PrometheusRule Authoring
Every PrometheusRule must include release: kube-prometheus-stack label for Prometheus to discover it.
PrometheusRule template: see references/alert-patterns.md
Severity and for Duration
| Severity | for Duration | Use Case | Routing |
|---|
critical | 2m-5m | Service down, data loss risk | Discord |
warning | 5m-15m | Degraded performance, limits | Discord |
info | 10m-30m | Informational, non-urgent | Silenced by InfoInhibitor |
Guidelines: for: 0m only for instant failures (e.g., SMART fail). Most alerts: 5m default. Flap-prone metrics (error rates, latency): 10m-15m.
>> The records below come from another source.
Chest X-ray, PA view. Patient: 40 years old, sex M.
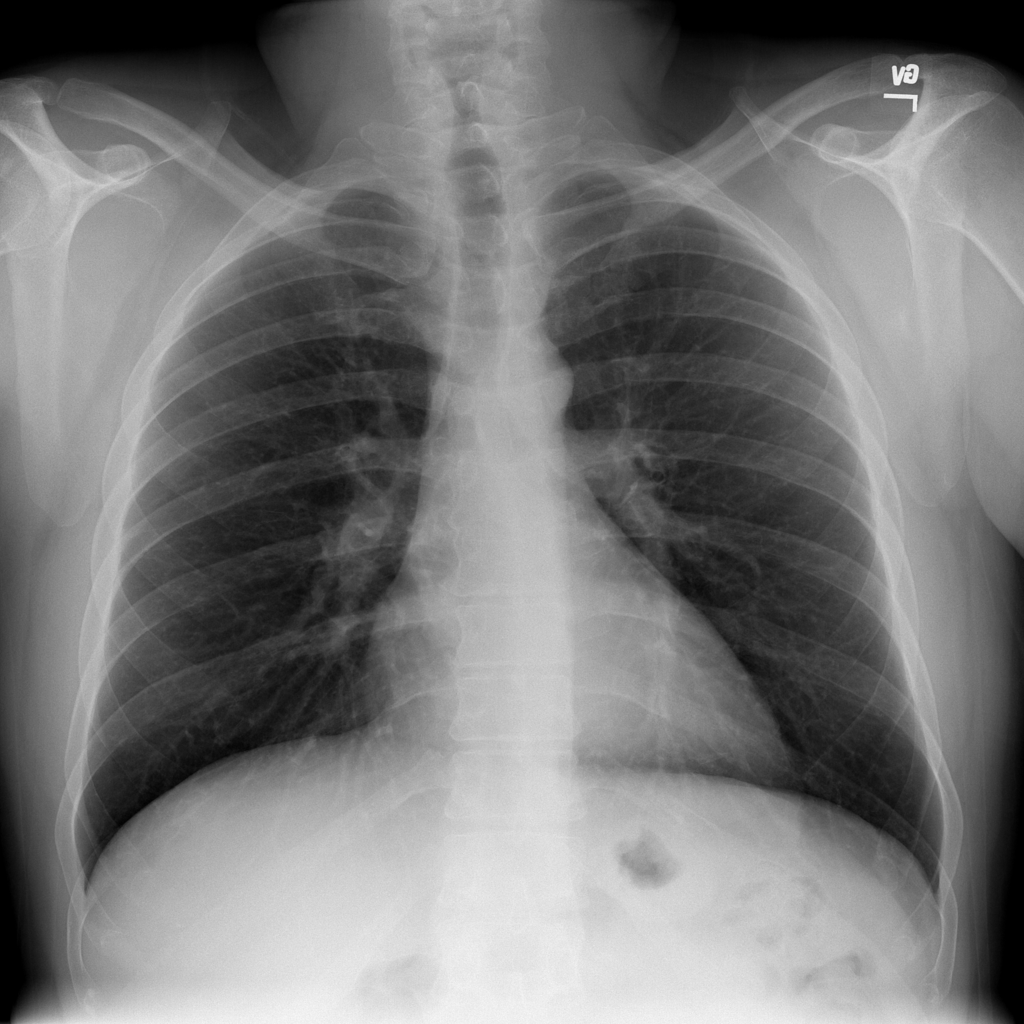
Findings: No Finding
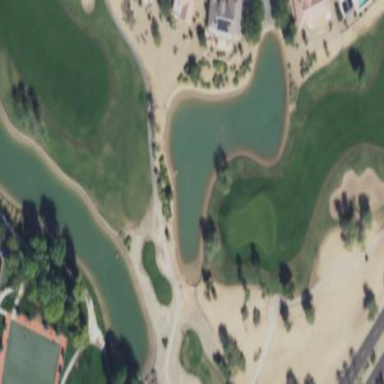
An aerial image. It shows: Water hazard in golf course. The hazard is natural water feature.
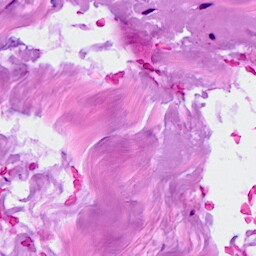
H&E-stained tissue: Breast
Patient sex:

Use 5m for absence detection.
Alert Grouping
Group related alerts in named rule groups — affects Prometheus UI ordering:
spec:
groups:
- name: cilium-agent
rules: [...]
- name: cilium-bpf
rules: [...]
See [references/alert-patterns.md] for common alert patterns (down, error rate, latency, capacity, PVC), annotation template functions, and recording rule examples.
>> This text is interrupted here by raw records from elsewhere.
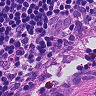
Metastatic tissue present: yes
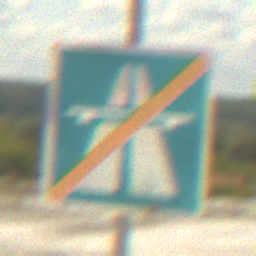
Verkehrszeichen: EndeAutbahn
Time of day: Midday
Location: Outdoor (Beach)
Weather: PartlyCloudy
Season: NotSpecified
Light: Natural
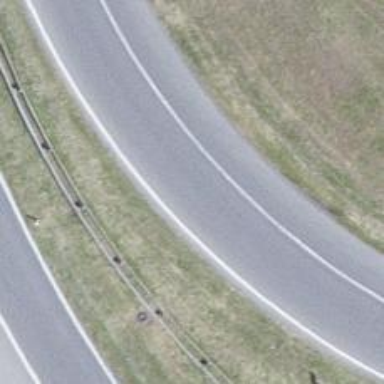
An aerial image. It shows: Asphalt motorway link.
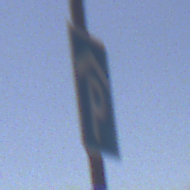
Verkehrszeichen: Parkhaus
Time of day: MorningAfternoon
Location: Outdoor (Nature)
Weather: Clear
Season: NotSpecified
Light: Natural
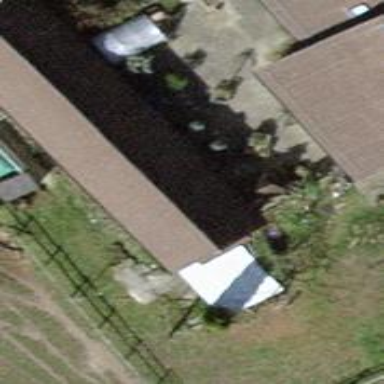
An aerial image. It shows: Gabled roof house.
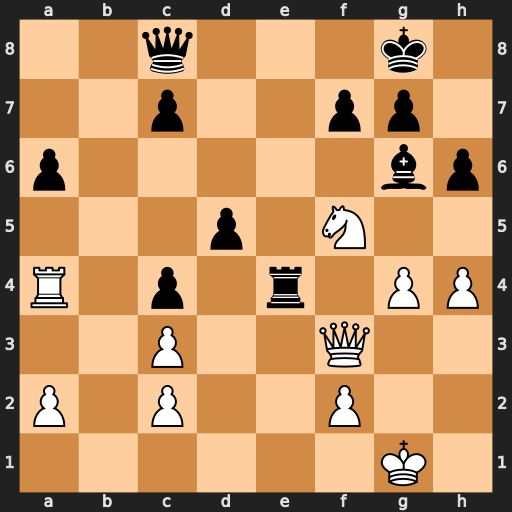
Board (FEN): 2q3k1/2p2pp1/p5bp/3p1N2/R1p1r1PP/2P2Q2/P1P2P2/6K1
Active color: w
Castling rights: -
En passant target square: -
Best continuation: Qxe4 dxe4 Ne7+ Kf8 Nxc8
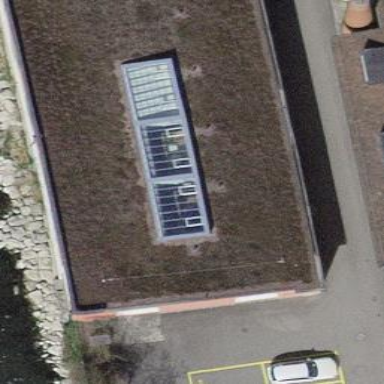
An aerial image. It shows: Office building with flat roof.
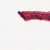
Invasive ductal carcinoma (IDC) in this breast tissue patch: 0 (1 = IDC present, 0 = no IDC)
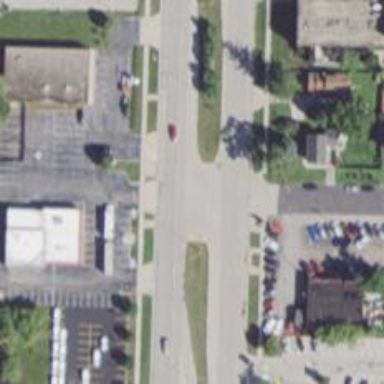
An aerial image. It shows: Unmarked road crossing.
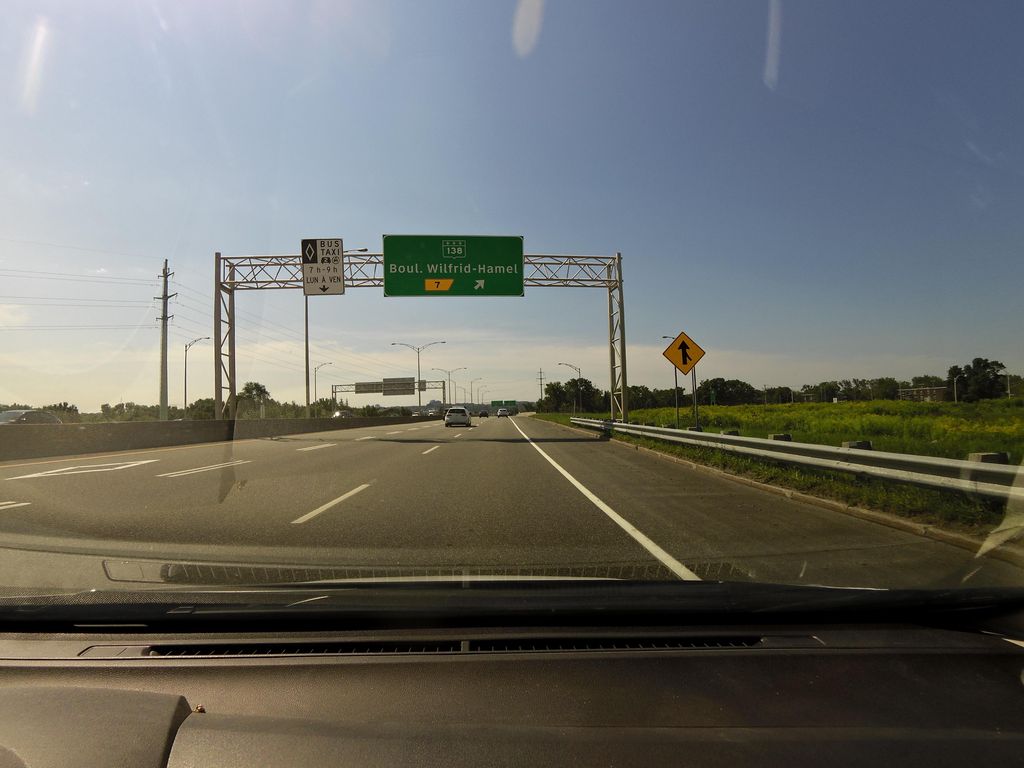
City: quebec_city

ServiceMonitor and PodMonitor
Via Helm Values (Preferred)
serviceMonitor:
enabled: true
interval: 30s
scrapeTimeout: 10s
Manual ServiceMonitor
Place in monitoring namespace; use namespaceSelector to reach target namespace. Required label: release: kube-prometheus-stack.
---
apiVersion: monitoring.coreos.com/v1
kind: ServiceMonitor
metadata:
name: <component>
namespace: monitoring
labels:
release: kube-prometheus-stack
spec:
namespaceSelector:
matchNames: [<target-namespace>]
selector:
matchLabels:
app.kubernetes.io/name: <component>
endpoints:
- port: http-monitoring
path: /metrics
interval: 30s
Manual PodMonitor
Use when pods expose metrics but don't have a Service (DaemonSets, sidecars). Same pattern as ServiceMonitor with podMetricsEndpoints instead of endpoints, and numeric ports quoted: port: "15020". For matchExpressions selecting multiple values, see any existing Flux PodMonitor in config/monitoring/.
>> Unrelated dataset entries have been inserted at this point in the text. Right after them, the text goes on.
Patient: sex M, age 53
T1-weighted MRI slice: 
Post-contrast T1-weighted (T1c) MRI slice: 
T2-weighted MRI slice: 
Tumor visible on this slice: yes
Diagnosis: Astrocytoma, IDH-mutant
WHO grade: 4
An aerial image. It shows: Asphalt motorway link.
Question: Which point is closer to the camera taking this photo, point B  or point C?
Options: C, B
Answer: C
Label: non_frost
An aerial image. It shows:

See [references/alertmanagerconfig-reference.md] for AlertmanagerConfig routing, Silence CR templates, and matcher reference.
Canary Health Checks
Canary resources live in config/canary-checker/ (platform) or alongside app config.
HTTP health check:
---
apiVersion: canaries.flanksource.com/v1
kind: Canary
metadata:
name: http-check-<component>
spec:
schedule: "@every 1m"
http:
- name: <component>-health
url: https://<component>.${internal_domain}/health
responseCodes: [200]
maxSSLExpiry: 7
thresholdMillis: 5000
Kubernetes resource check with CEL (preferred over ready: true — avoids penalizing pods with restart history):
spec:
interval: 60
kubernetes:
- name: <component>-pods-healthy
kind: Pod
namespaceSelector:
name: <namespace>
resource:
labelSelector: app.kubernetes.io/name=<component>
test:
expr: >
dyn(results).all(pod,
pod.Object.status.phase == "Running" &&
pod.Object.status.conditions.exists(c, c.type == "Ready" && c.status == "True")
)
canary_check == 1 triggers CanaryCheckFailure (critical, 2m). No per-canary alert needed.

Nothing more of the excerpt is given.